• **WHAT YOU WILL DO**: Please reproduce the data exactly, though every picture must stay out.

Top of THE DATA

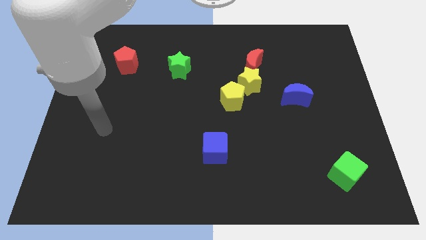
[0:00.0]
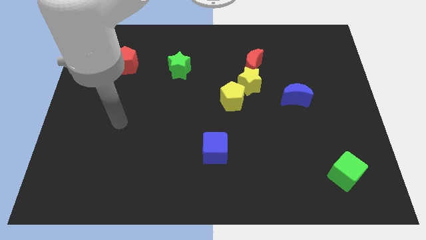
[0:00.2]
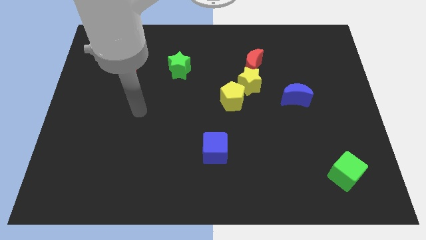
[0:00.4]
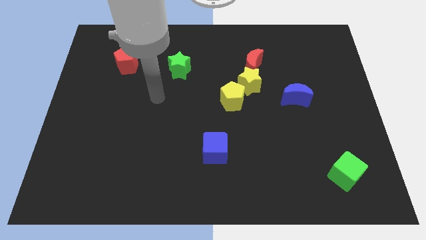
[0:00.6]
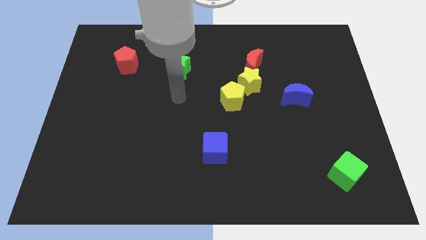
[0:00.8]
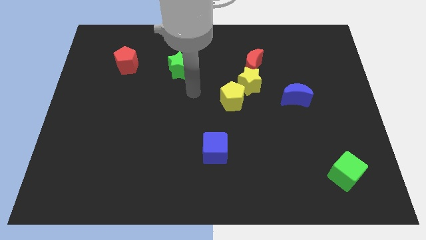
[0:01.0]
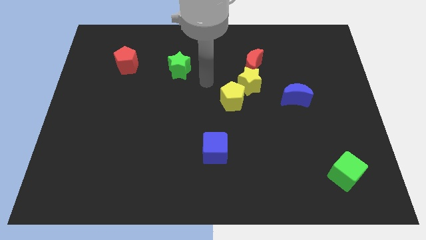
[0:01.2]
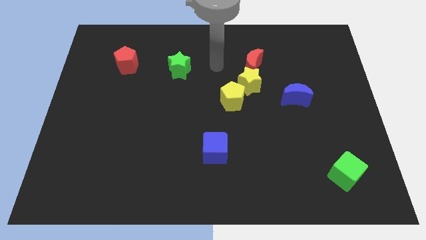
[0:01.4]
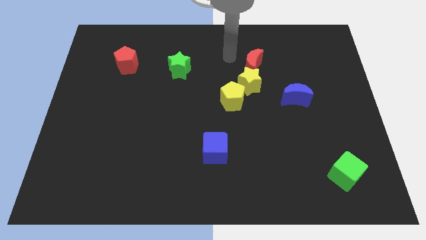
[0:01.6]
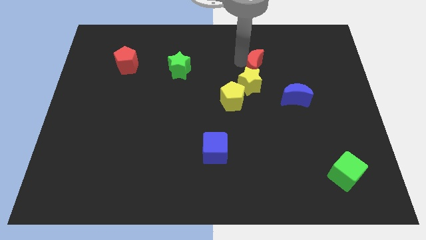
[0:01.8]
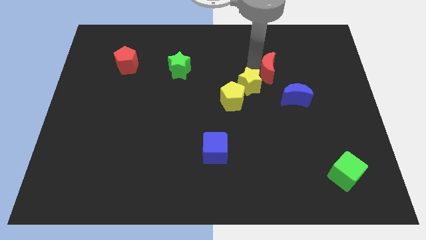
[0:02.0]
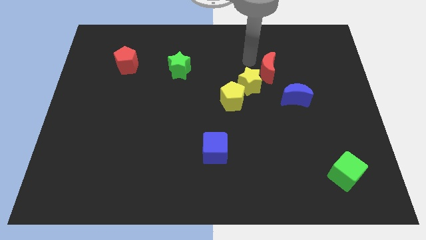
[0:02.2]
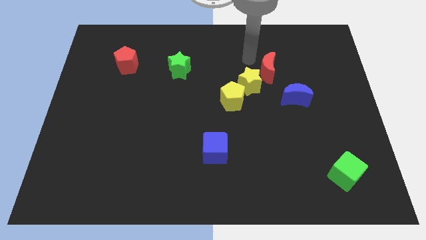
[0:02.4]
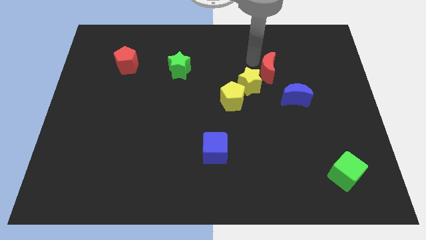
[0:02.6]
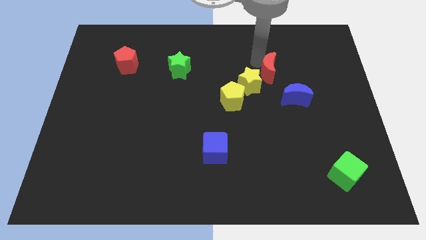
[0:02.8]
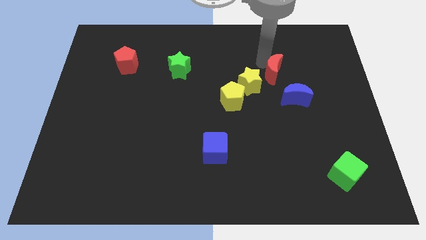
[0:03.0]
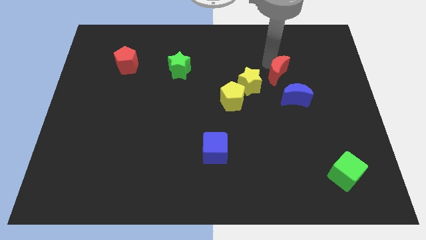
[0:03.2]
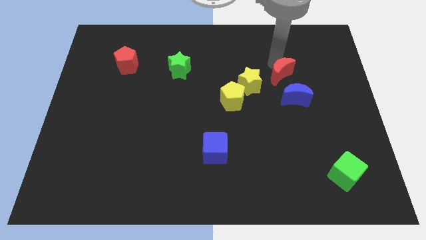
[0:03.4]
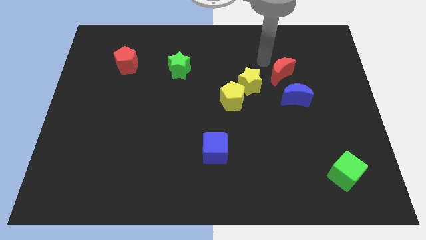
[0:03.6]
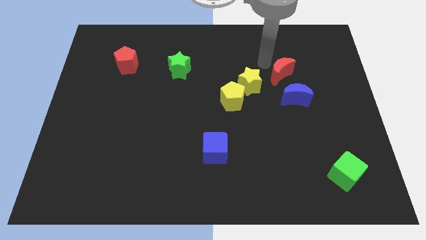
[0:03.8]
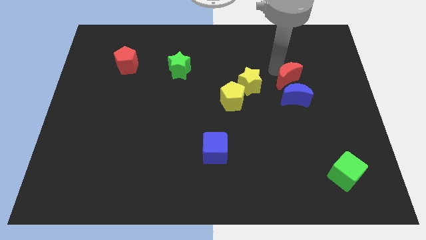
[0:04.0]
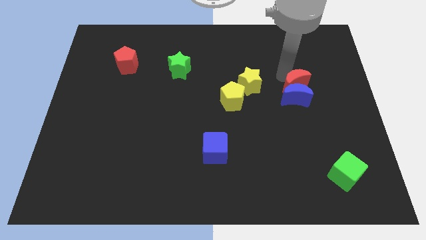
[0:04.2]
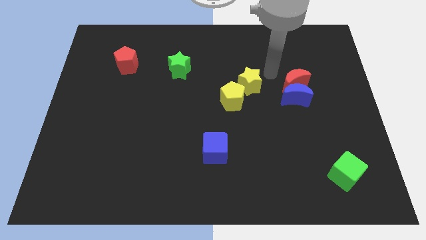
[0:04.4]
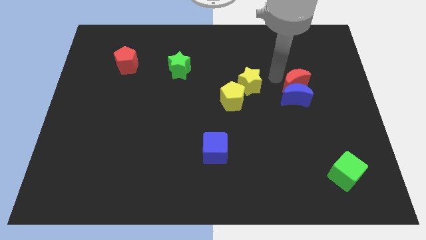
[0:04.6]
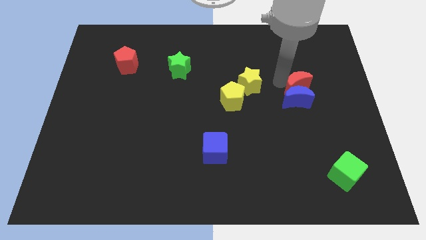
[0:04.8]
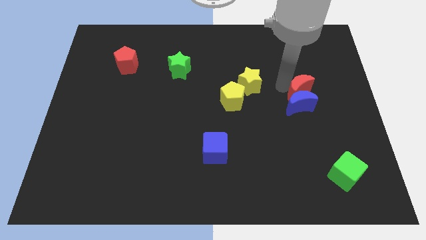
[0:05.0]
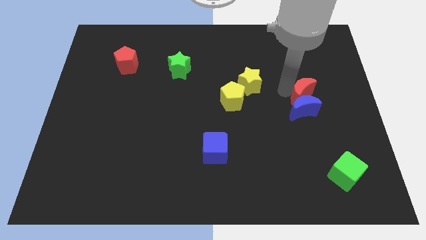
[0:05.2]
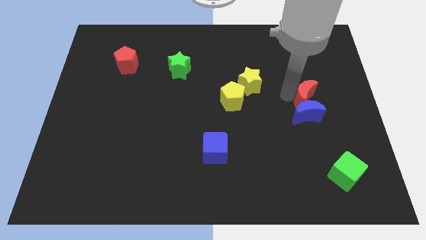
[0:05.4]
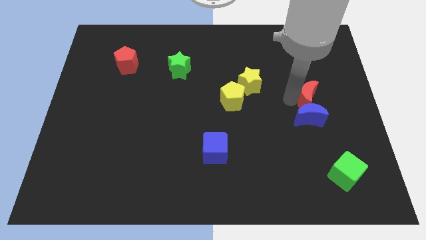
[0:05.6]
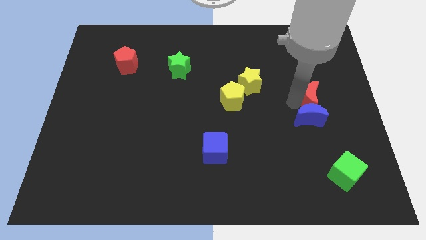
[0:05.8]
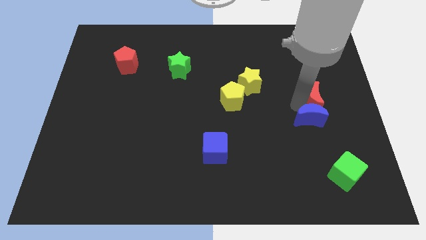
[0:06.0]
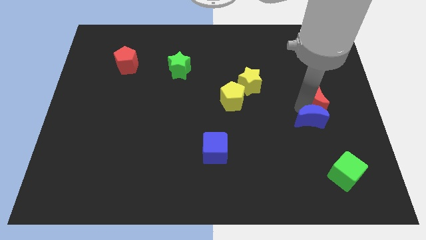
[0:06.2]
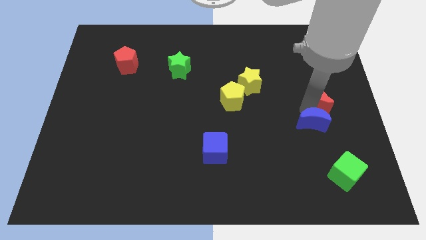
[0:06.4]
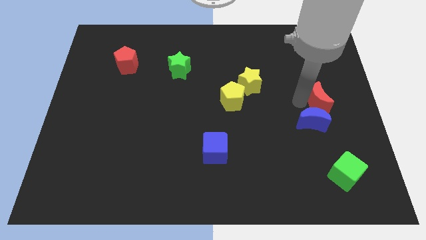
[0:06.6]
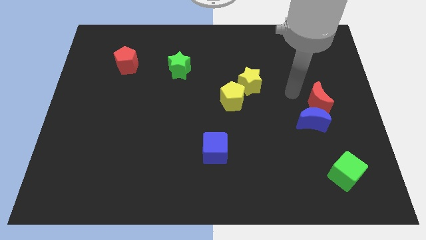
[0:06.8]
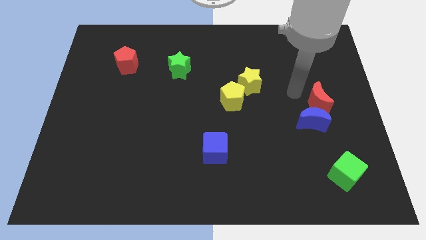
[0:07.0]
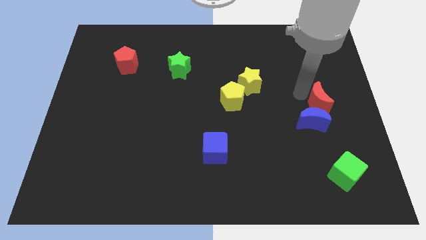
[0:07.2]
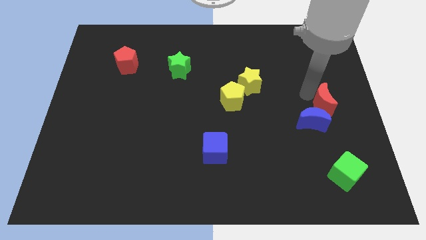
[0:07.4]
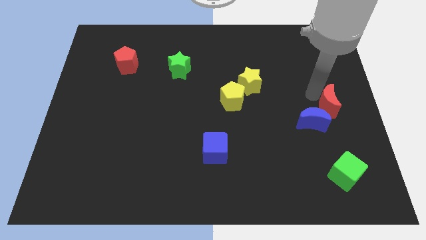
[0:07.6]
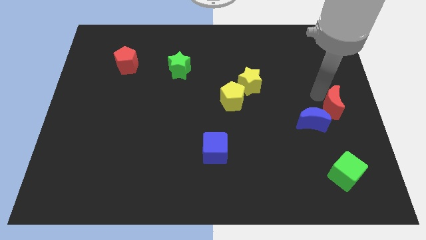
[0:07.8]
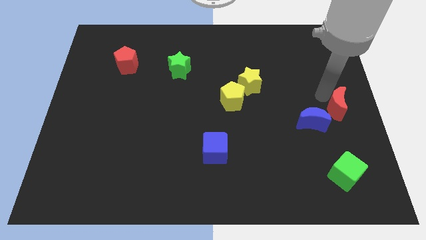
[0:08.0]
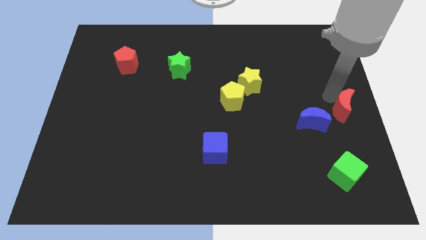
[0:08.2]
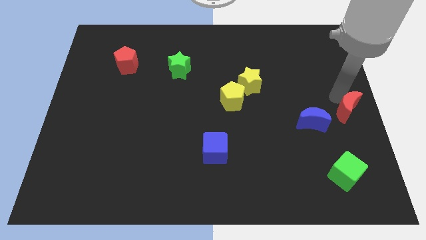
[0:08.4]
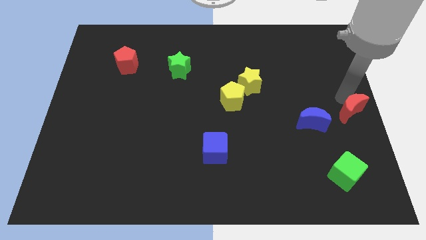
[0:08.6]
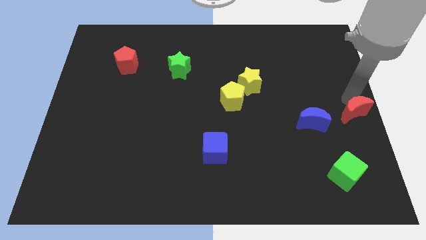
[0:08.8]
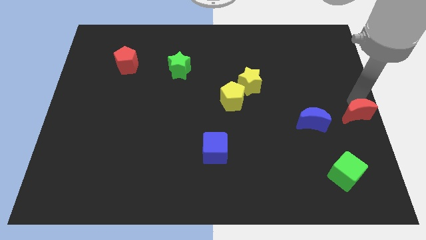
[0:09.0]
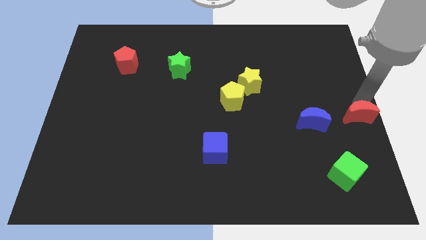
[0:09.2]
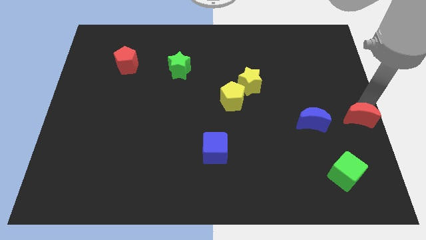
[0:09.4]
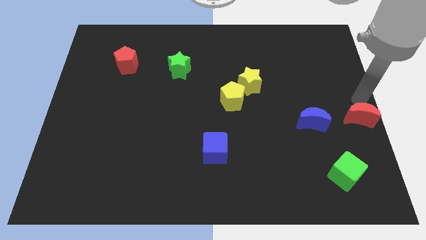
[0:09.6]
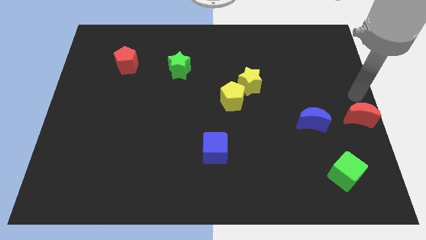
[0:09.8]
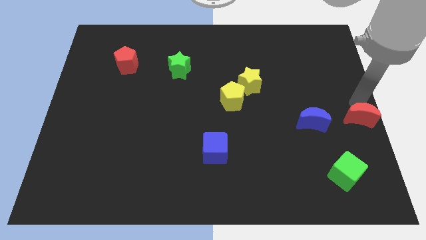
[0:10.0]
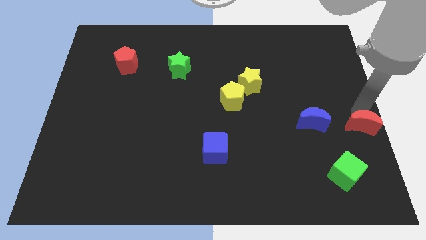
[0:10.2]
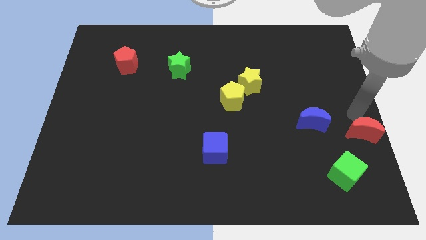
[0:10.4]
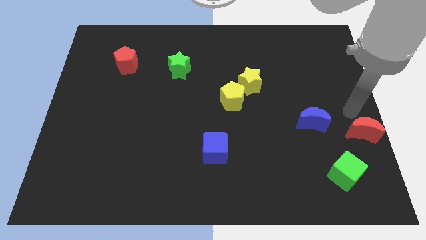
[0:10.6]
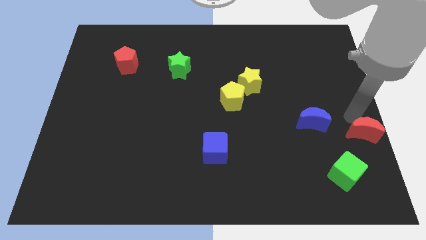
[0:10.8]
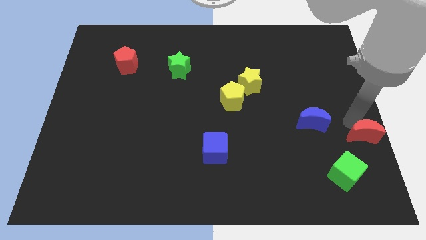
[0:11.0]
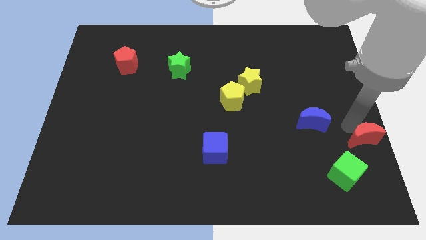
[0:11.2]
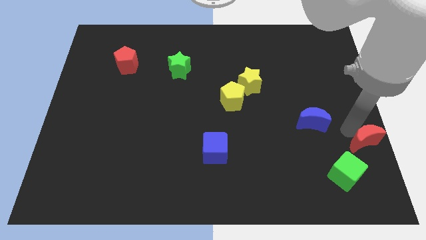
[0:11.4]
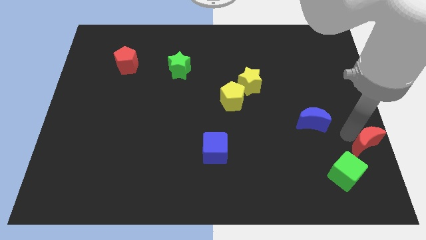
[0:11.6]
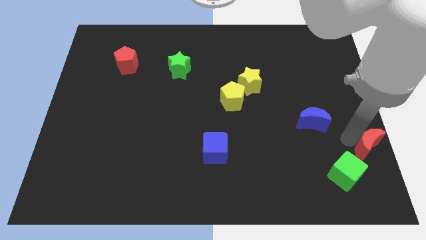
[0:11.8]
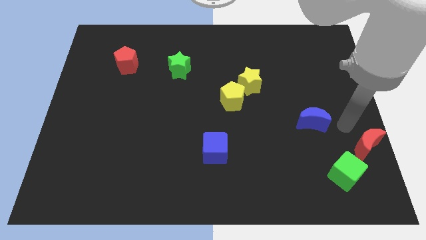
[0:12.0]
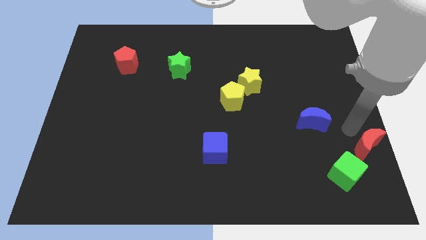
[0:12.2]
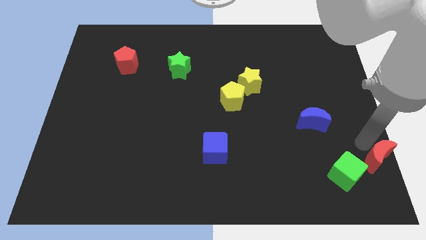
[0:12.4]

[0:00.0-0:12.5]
put the red moon to the bottom right

Bottom of THE DATA

• **EXPECTED ANSWER**:
[0:00.0]
[0:00.2]
[0:00.4]
[0:00.6]
[0:00.8]
[0:01.0]
[0:01.2]
[0:01.4]
[0:01.6]
[0:01.8]
[0:02.0]
[0:02.2]
[0:02.4]
[0:02.6]
[0:02.8]
[0:03.0]
[0:03.2]
[0:03.4]
[0:03.6]
[0:03.8]
[0:04.0]
[0:04.2]
[0:04.4]
[0:04.6]
[0:04.8]
[0:05.0]
[0:05.2]
[0:05.4]
[0:05.6]
[0:05.8]
[0:06.0]
[0:06.2]
[0:06.4]
[0:06.6]
[0:06.8]
[0:07.0]
[0:07.2]
[0:07.4]
[0:07.6]
[0:07.8]
[0:08.0]
[0:08.2]
[0:08.4]
[0:08.6]
[0:08.8]
[0:09.0]
[0:09.2]
[0:09.4]
[0:09.6]
[0:09.8]
[0:10.0]
[0:10.2]
[0:10.4]
[0:10.6]
[0:10.8]
[0:11.0]
[0:11.2]
[0:11.4]
[0:11.6]
[0:11.8]
[0:12.0]
[0:12.2]
[0:12.4]

[0:00.0-0:12.5]
put the red moon to the bottom right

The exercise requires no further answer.